Not the kind of thing you want to hear if you’re already struggling to pay the grocery bill. And the extent of the rise is shocking. Since 2005, “the prices of staples have jumped 80%”, he added.

India, Egypt and Vietnam have raised tax on rice exports in order to discourage its sale abroad, while a similar tax in Argentina on soybeans led to a three-week long farmer protest which just ended.

We are, as World Food Programme Executive Director Josette Sheeran said recently, facing a ‘perfect storm’. Rising demand from emerging economies, high fuel prices and increased risk of droughts and floods.

Then of course there’s the biggest bogey man of them all: biofuels.

The rivalry between bio-fuels and food production for agricultural land means that less acreage is being devoted to corn for food purposes.

US farmers expect to grow 86 million acres of corn for food this year, down from 93.6 million in 2007, as more and more farmers switch to the heavily government subsidized corn for ethanol industry.

“It’s a crazy strategy”, says Espen Baardsen, an analyst with Eclectica Asset Management.
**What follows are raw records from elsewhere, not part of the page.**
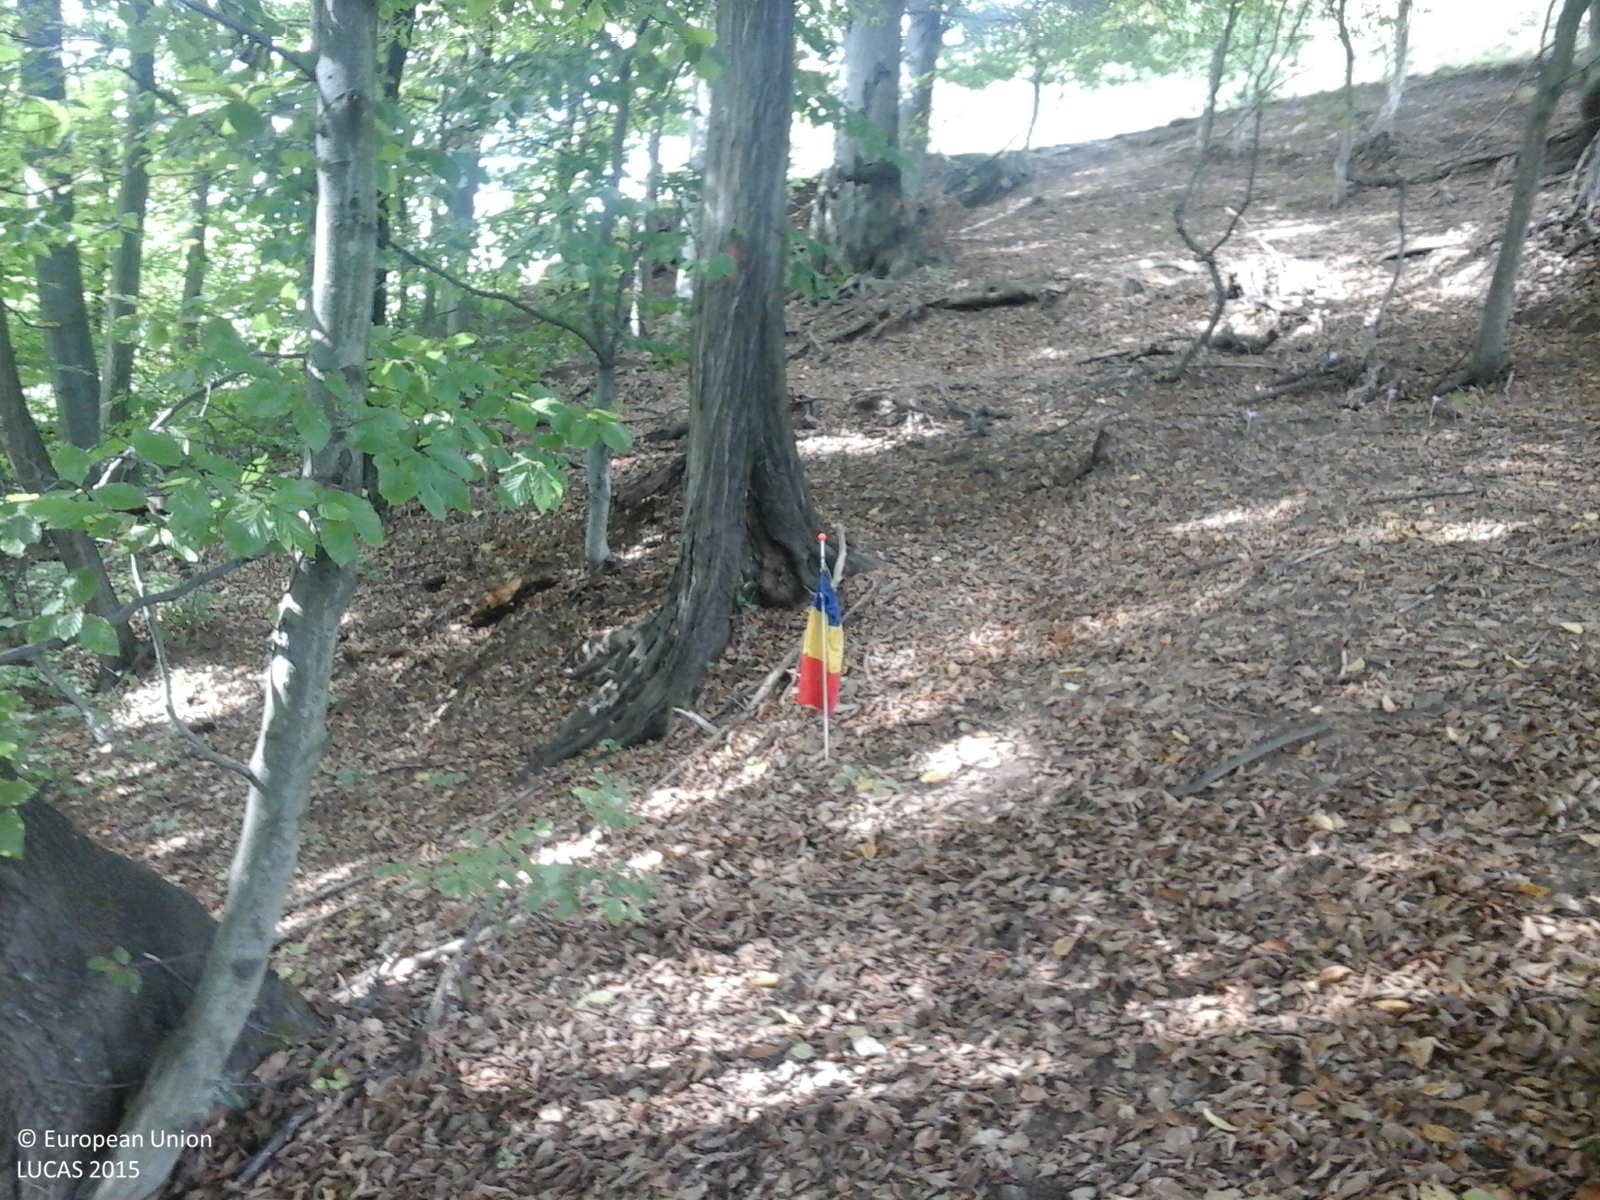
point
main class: Woodland
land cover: Broadleaved woodland
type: beech forest
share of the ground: > 75 %
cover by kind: broadleaved forest trees 100 %
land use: Forestry
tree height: > 5 m
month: October
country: RO
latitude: 46.0990
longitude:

Any small shift in the weather this year, and the US will run out of corn.

McDonalds can claim to have done better than most. Indeed, last month the fast food chain announced that same-store sales, a comparison of the sales of stores open for a year or more, rose 11.7% in February.

The restaurant’s sales may be rising, but trying to keep the price of a cheeseburger at $1 a pop when beef and flour prices are on the up is no easy task, warns Money Morning.